Problem to solve
An exact copy of the entries is required, with every image omitted.

Records from a collection
━━━━━━━━━━━━━━━━━━━━━━━━━━━━━━

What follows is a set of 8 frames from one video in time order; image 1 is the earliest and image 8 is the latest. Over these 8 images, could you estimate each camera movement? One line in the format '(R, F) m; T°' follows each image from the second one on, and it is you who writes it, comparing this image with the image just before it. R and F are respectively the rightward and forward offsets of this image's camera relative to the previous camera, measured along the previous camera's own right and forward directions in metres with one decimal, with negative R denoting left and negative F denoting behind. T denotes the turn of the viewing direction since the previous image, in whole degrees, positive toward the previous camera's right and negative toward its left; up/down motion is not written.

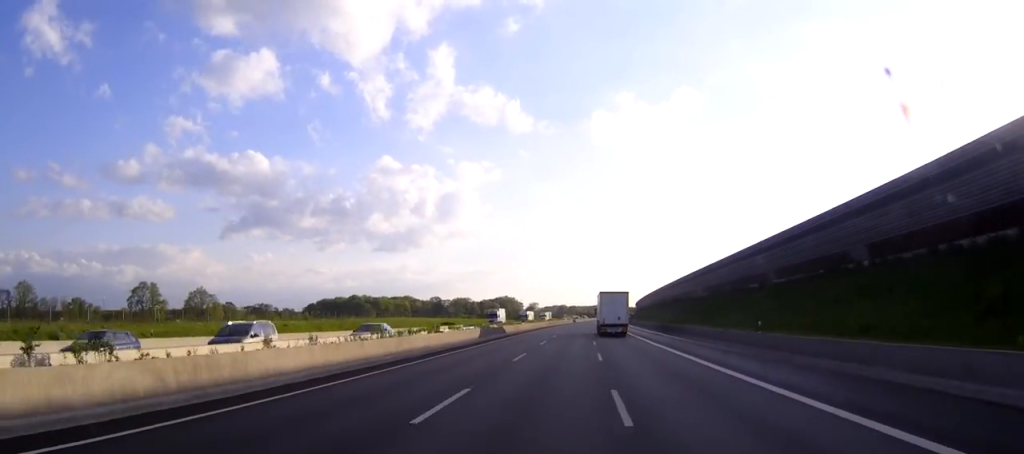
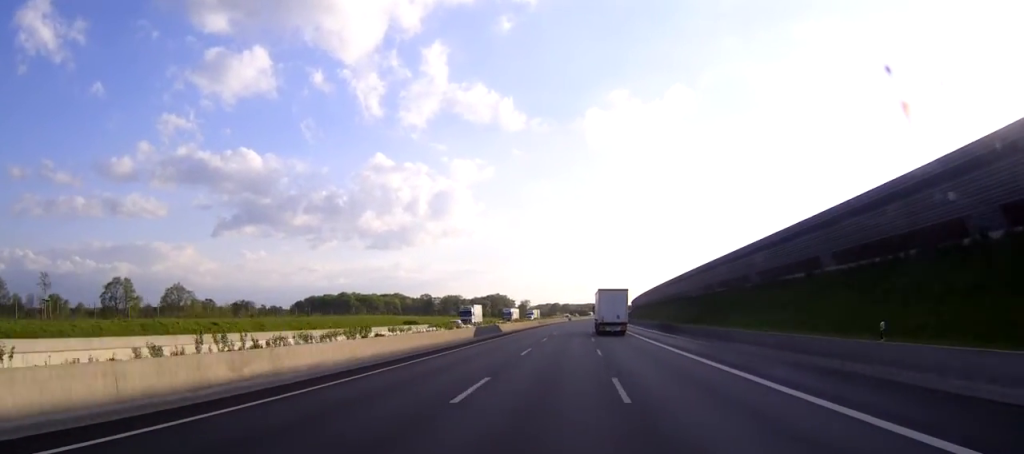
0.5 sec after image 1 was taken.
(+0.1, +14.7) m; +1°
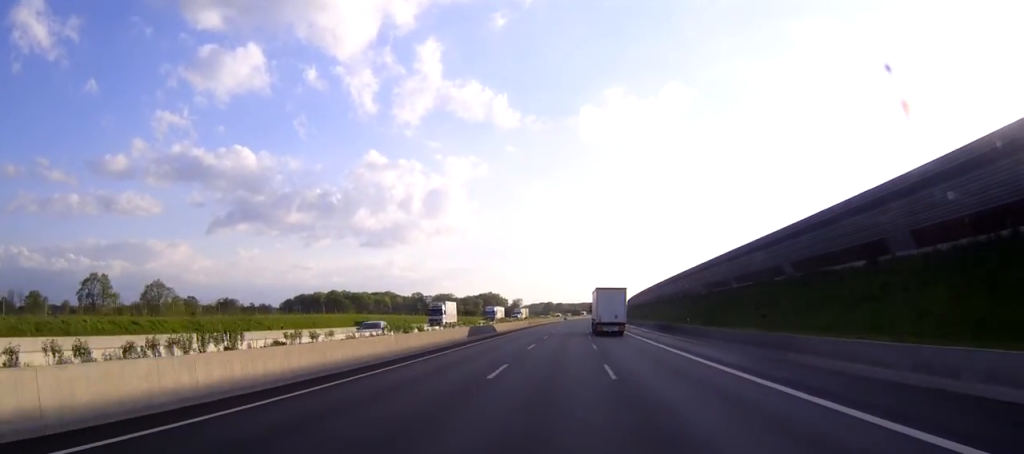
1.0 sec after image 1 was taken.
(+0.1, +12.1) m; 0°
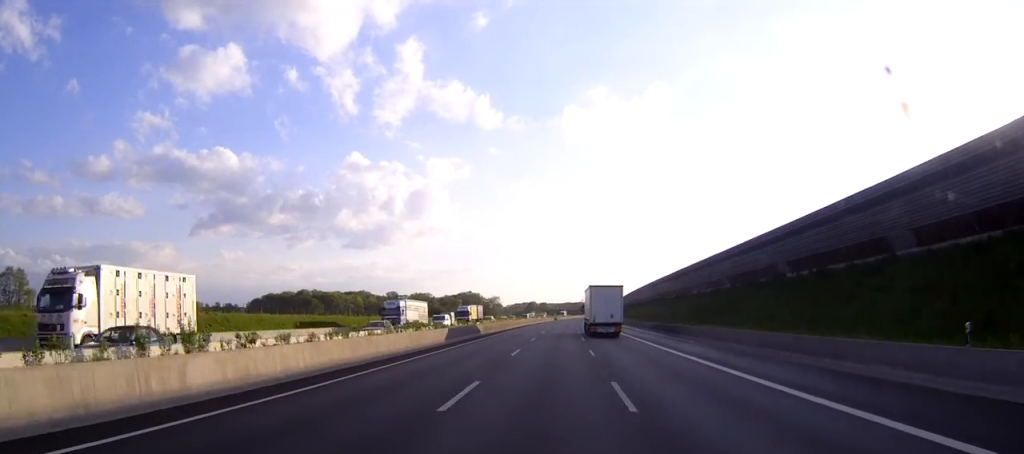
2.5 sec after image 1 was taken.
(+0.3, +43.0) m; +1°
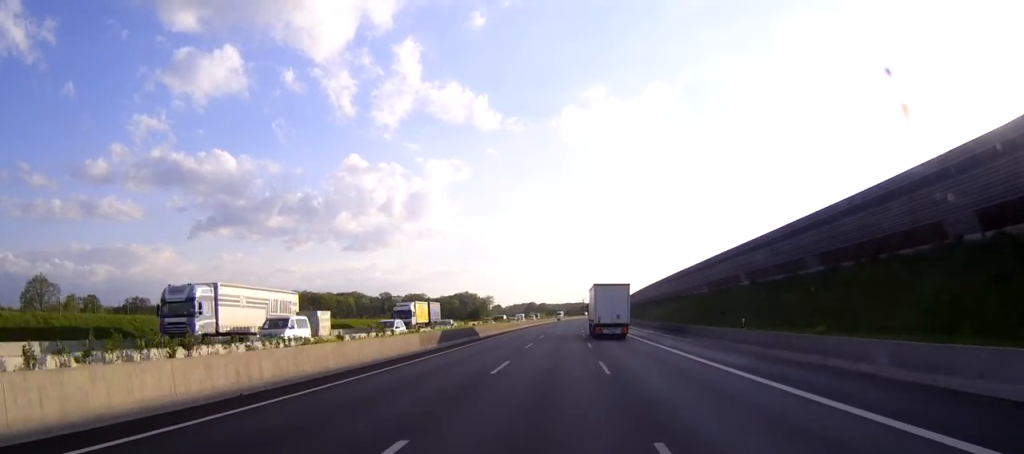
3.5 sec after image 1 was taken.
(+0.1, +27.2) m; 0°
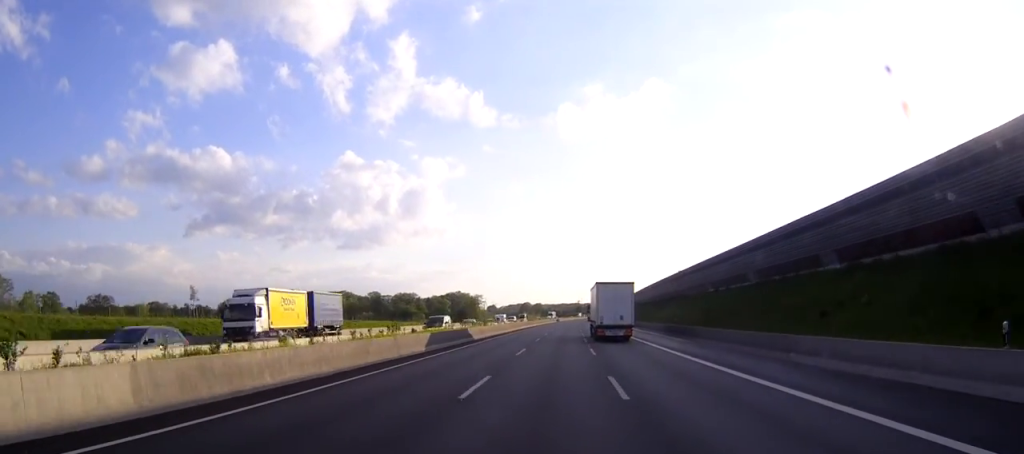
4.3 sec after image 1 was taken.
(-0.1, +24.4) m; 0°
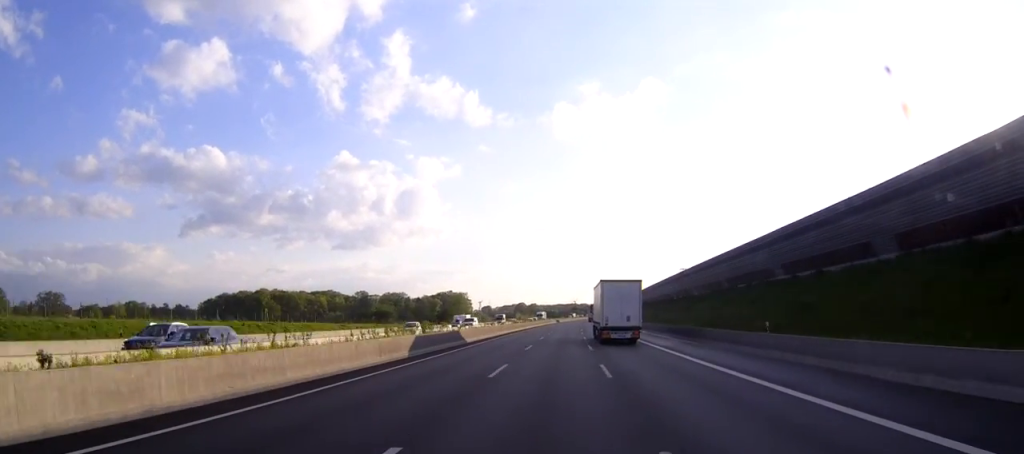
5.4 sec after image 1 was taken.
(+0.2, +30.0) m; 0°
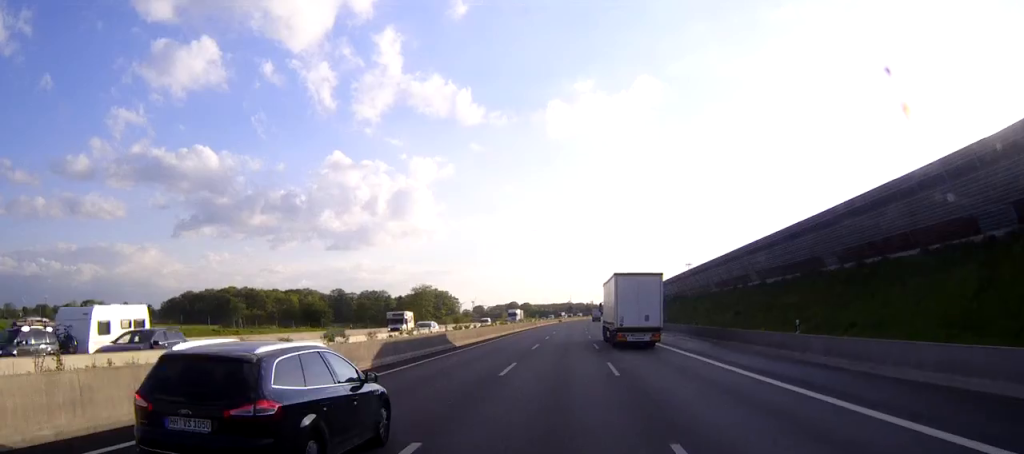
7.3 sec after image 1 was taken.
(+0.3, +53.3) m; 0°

━━━━━━━━━━━━━━━━━━━━━━━━━━━━━━

Solution
What follows is a set of 8 frames from one video in time order; image 1 is the earliest and image 8 is the latest. Over these 8 images, could you estimate each camera movement? One line in the format '(R, F) m; T°' follows each image from the second one on, and it is you who writes it, comparing this image with the image just before it. R and F are respectively the rightward and forward offsets of this image's camera relative to the previous camera, measured along the previous camera's own right and forward directions in metres with one decimal, with negative R denoting left and negative F denoting behind. T denotes the turn of the viewing direction since the previous image, in whole degrees, positive toward the previous camera's right and negative toward its left; up/down motion is not written.

0.5 sec after image 1 was taken.
(+0.1, +14.7) m; +1°
1.0 sec after image 1 was taken.
(+0.1, +12.1) m; 0°
2.5 sec after image 1 was taken.
(+0.3, +43.0) m; +1°
3.5 sec after image 1 was taken.
(+0.1, +27.2) m; 0°
4.3 sec after image 1 was taken.
(-0.1, +24.4) m; 0°
5.4 sec after image 1 was taken.
(+0.2, +30.0) m; 0°
7.3 sec after image 1 was taken.
(+0.3, +53.3) m; 0°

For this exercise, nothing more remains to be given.